DATASET ENTRIES:
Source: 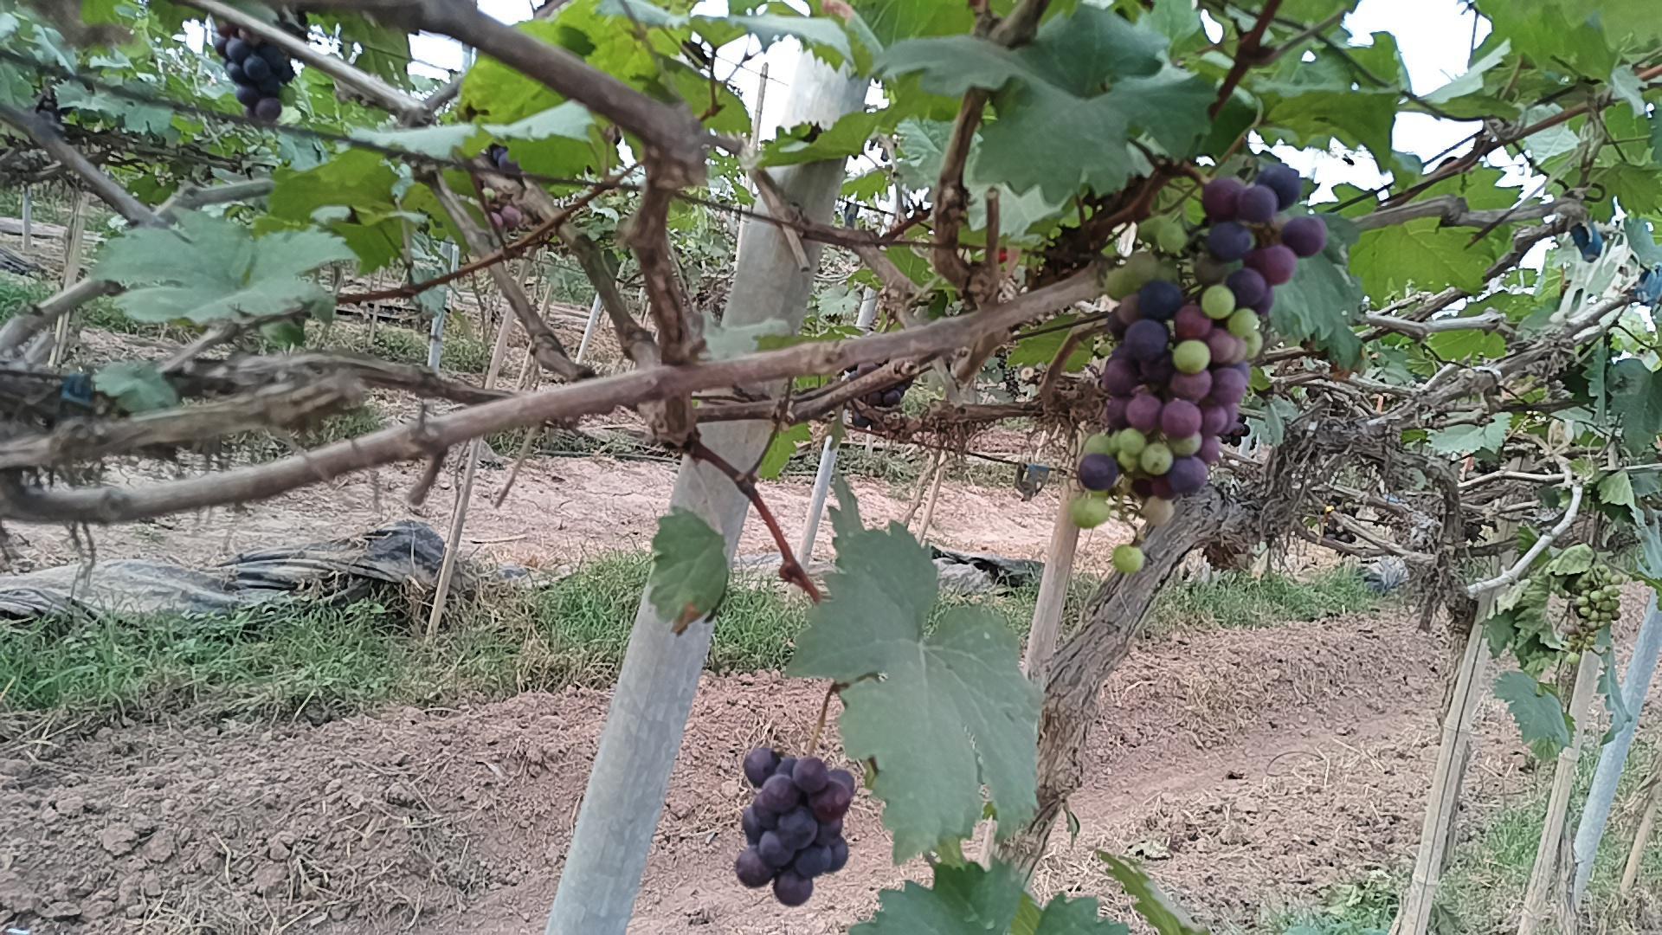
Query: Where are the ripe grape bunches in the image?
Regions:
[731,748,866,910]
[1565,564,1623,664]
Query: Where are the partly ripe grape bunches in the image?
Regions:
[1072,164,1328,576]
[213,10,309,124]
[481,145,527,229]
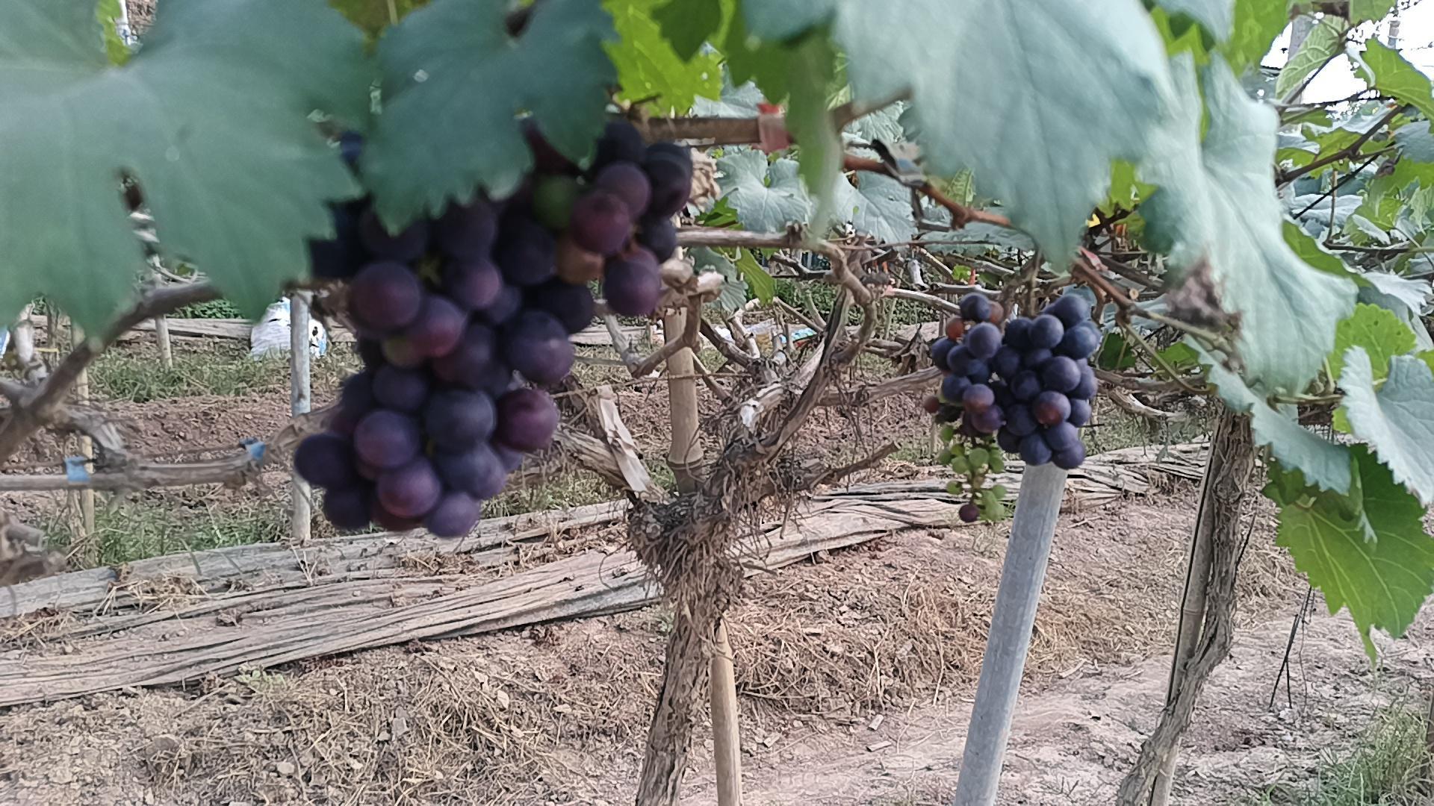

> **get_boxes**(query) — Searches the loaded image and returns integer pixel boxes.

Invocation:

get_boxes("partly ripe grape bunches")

* * *

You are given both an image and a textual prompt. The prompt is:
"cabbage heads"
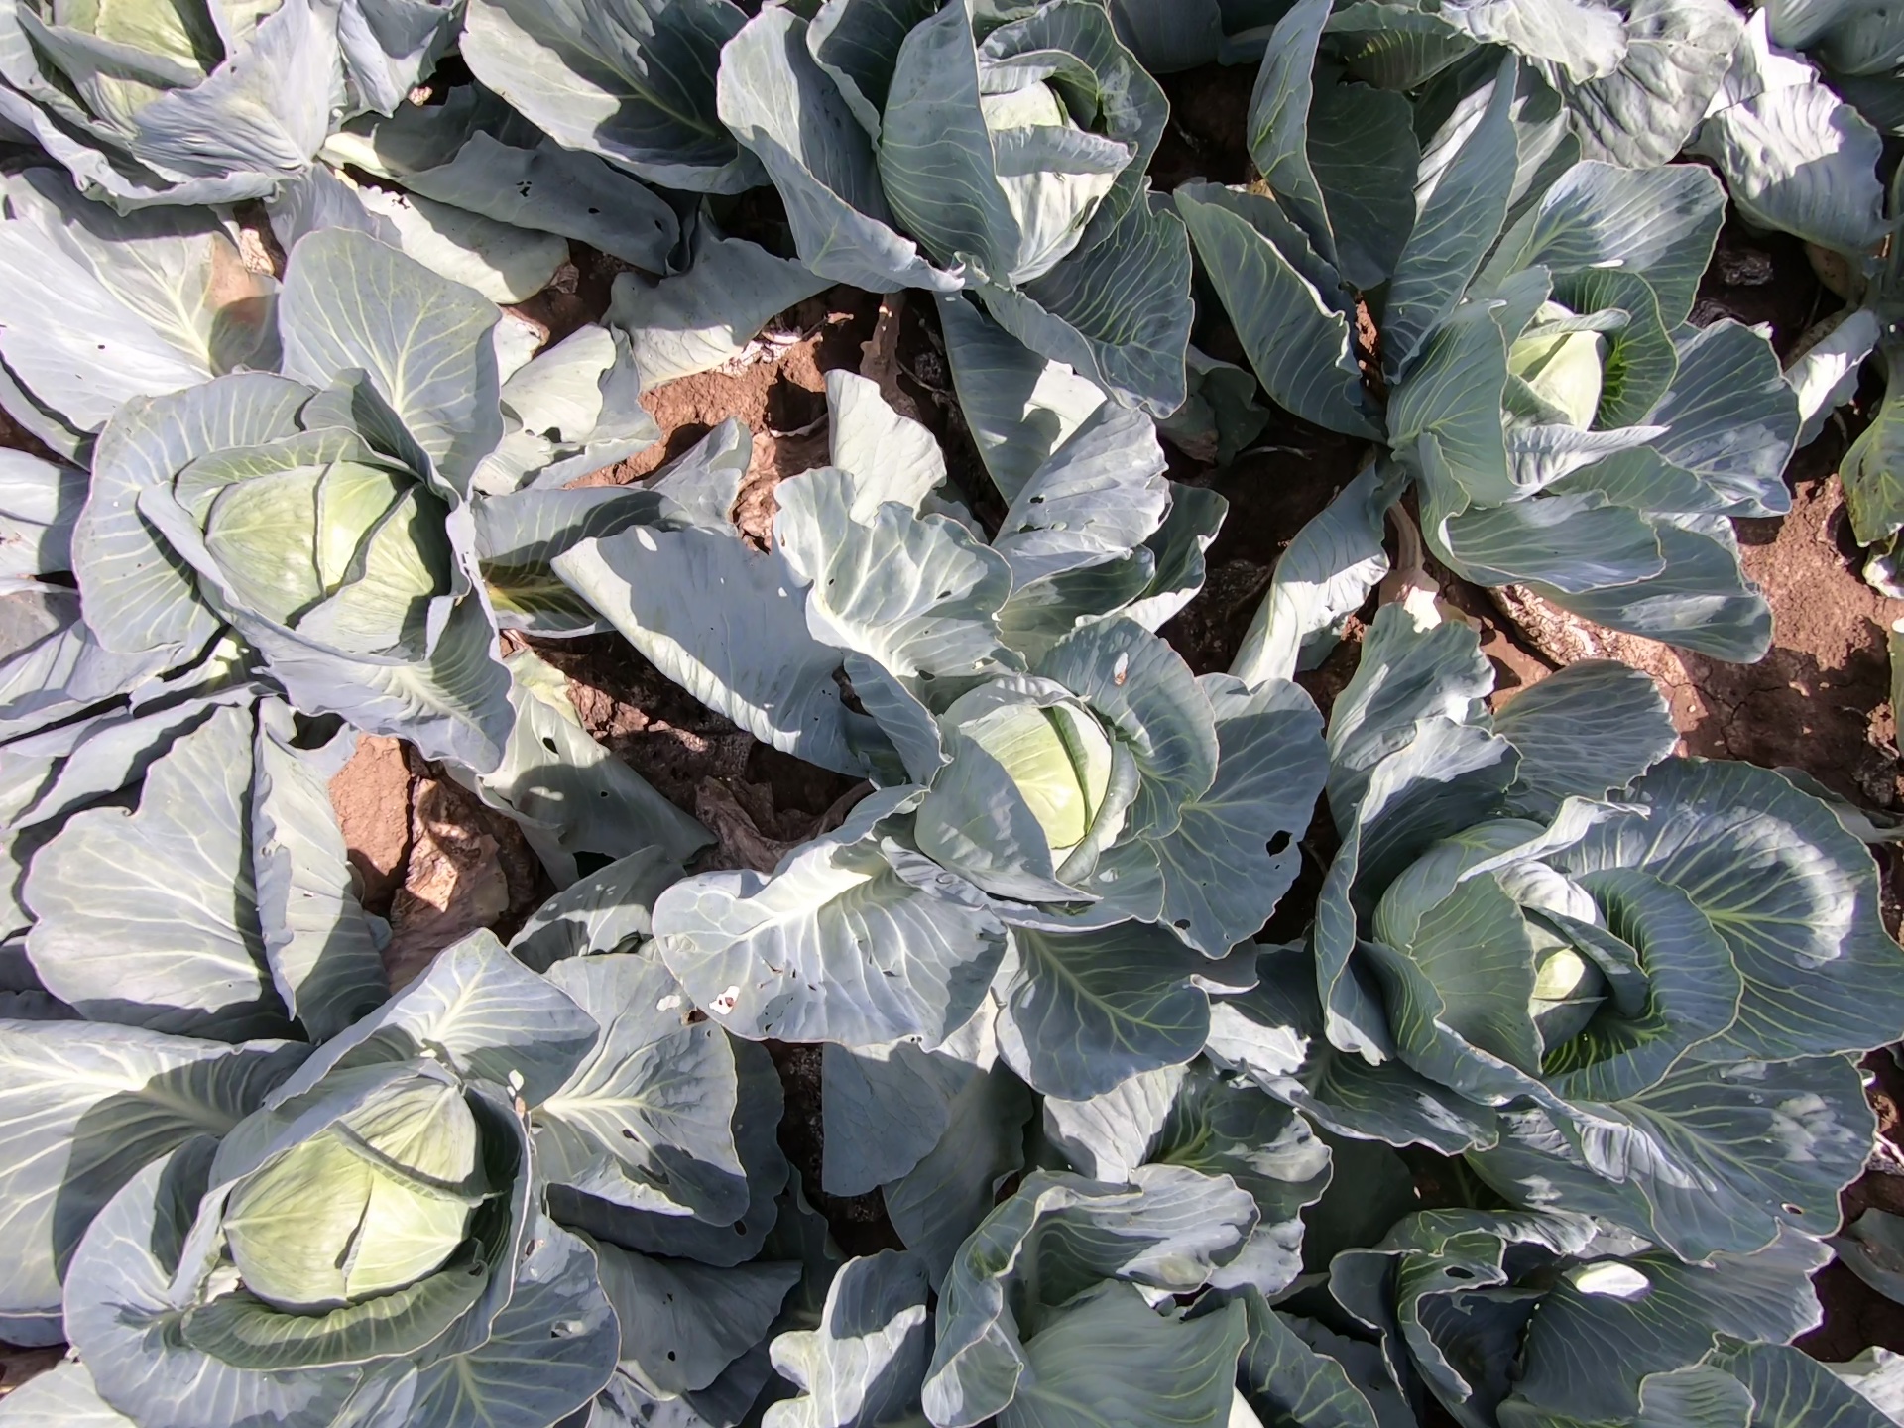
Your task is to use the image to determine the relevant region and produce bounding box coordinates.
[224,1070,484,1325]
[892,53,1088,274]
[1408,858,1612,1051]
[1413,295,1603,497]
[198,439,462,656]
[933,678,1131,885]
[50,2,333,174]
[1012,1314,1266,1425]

WHAT TO WORK ON:
Using the material above, return every line that holds the string "grape".

TASK OUTPUT:
Query: Where are the ripe grape bunches in the image?
Query: Where are the partly ripe grape bunches in the image?
get_boxes("partly ripe grape bunches")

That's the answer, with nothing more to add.